Hong Kong flight ban strands executives and risks curbing economic growth
Hong Kong’s flight ban has left exeutives stranded outside of the global finance hub, which Fitch Ratings has said could curb its economic growth prospects.
The two-week circuit breaker comes after the city recorded its first Covid-19 cases at the end of December, after three months without community transmission.
“We believe the tightening of restrictions on international arrivals will create further obstacles to the territory’s ability to serve as a regional headquarters for foreign multinationals,” Fitch Ratings told the Financial Times.
It echoes what JP Morgan boss Jamie Dimon said late last year amid another set of sudden restrictions – that they have made a tough hiring environment for large financiers.
Hong Kong has also introduced a seven-day quarantine for pilots and crew operating cargo flights, which has derailed a number of flight schedules.
Cathay Pacific has slashed its cargo capacity to 20 per cent and passenger capacity to two per cent of pre-pandemic levels as a result.

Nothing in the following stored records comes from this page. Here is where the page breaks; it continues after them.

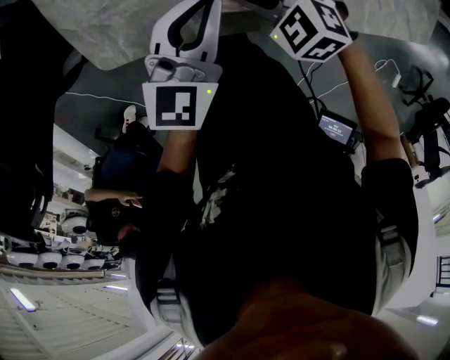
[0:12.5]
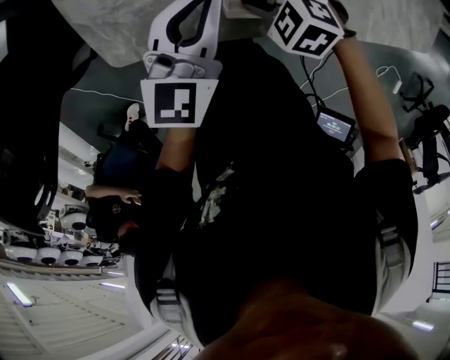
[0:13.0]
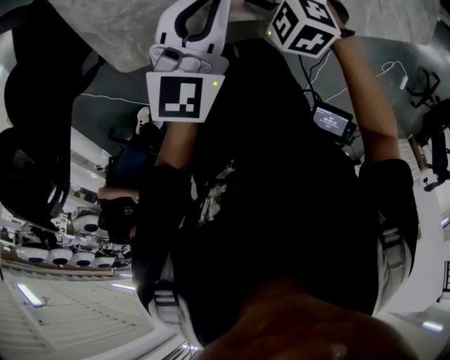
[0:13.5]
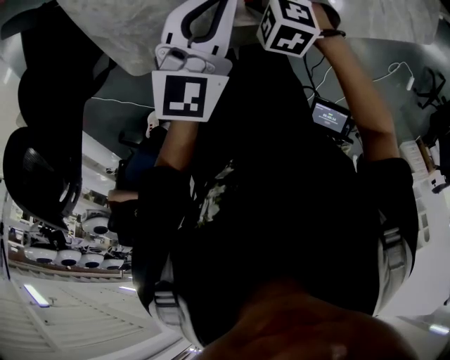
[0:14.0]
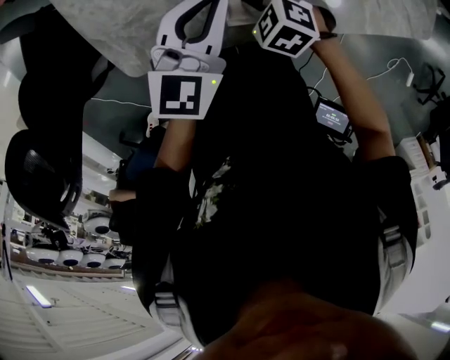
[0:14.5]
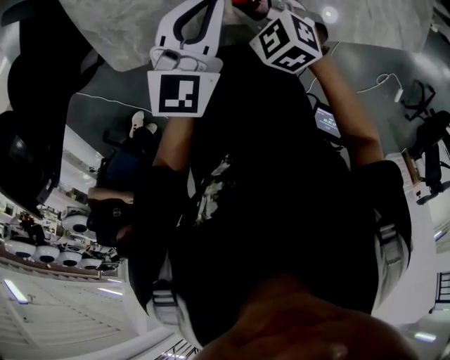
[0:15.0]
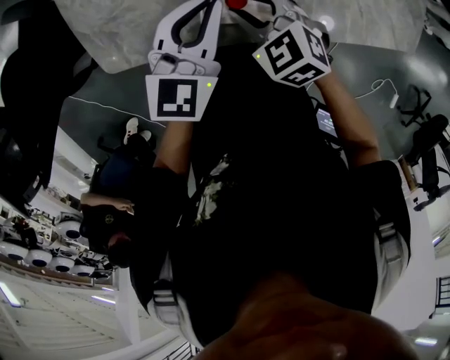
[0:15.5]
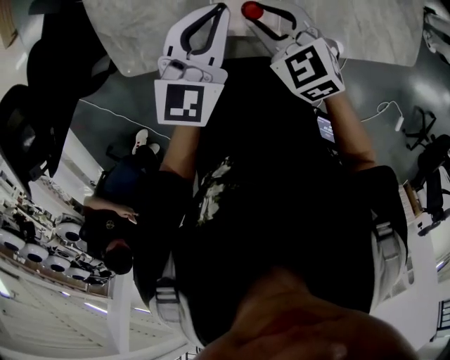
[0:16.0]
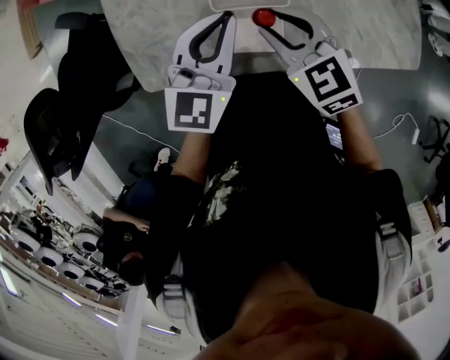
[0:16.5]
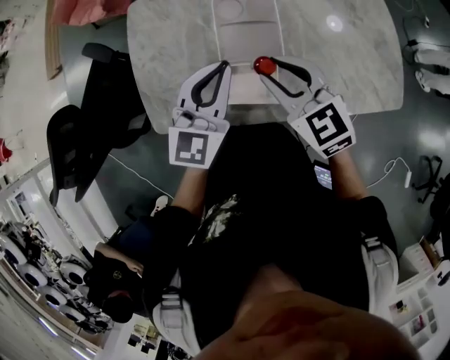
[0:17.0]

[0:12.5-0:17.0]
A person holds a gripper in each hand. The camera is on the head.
0:12.5 to 0:14.5: The left gripper is displaced forward by approximately 5 cm.
0:14.5 to 0:17.0: The right gripper heads upward, covering approximately 35 cm, and tilts its fingers roughly 40 degrees upward; the left gripper goes about 20 cm upward, and changes its angle by roughly 20 degrees.

Stranded executive director of the British Chambers of Commerce in Hong Kong, David Graham said the “unfortunate” flight ban had taken many workers whose families are overseas by surprise.

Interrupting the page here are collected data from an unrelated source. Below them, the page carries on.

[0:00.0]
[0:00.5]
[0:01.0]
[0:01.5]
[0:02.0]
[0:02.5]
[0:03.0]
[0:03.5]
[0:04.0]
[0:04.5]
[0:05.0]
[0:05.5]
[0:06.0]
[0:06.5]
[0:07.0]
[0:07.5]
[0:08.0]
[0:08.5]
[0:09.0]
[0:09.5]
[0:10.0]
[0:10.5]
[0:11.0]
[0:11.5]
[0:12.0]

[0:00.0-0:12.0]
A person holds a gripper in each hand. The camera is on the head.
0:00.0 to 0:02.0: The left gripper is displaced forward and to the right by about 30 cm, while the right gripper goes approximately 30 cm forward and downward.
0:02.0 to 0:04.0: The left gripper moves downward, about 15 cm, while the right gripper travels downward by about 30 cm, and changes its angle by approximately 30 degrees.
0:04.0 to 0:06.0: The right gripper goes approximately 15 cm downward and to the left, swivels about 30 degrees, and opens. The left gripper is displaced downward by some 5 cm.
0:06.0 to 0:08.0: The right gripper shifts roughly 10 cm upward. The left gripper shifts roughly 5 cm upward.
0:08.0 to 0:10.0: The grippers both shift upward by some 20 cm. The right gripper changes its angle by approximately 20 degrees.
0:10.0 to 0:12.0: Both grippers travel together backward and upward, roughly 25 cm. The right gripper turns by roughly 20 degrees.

“It will inevitably cause considerable disturbance and inconvenience, particularly for the many Hong Kong-based executives and employees who travelled to the UK for the Christmas period to be with family and who were looking to return to Hong Kong early in January,” he said.
“We very much hope that the ban will be for a very limited period given the extensive quarantine and testing measures already in place for those returning from the UK.”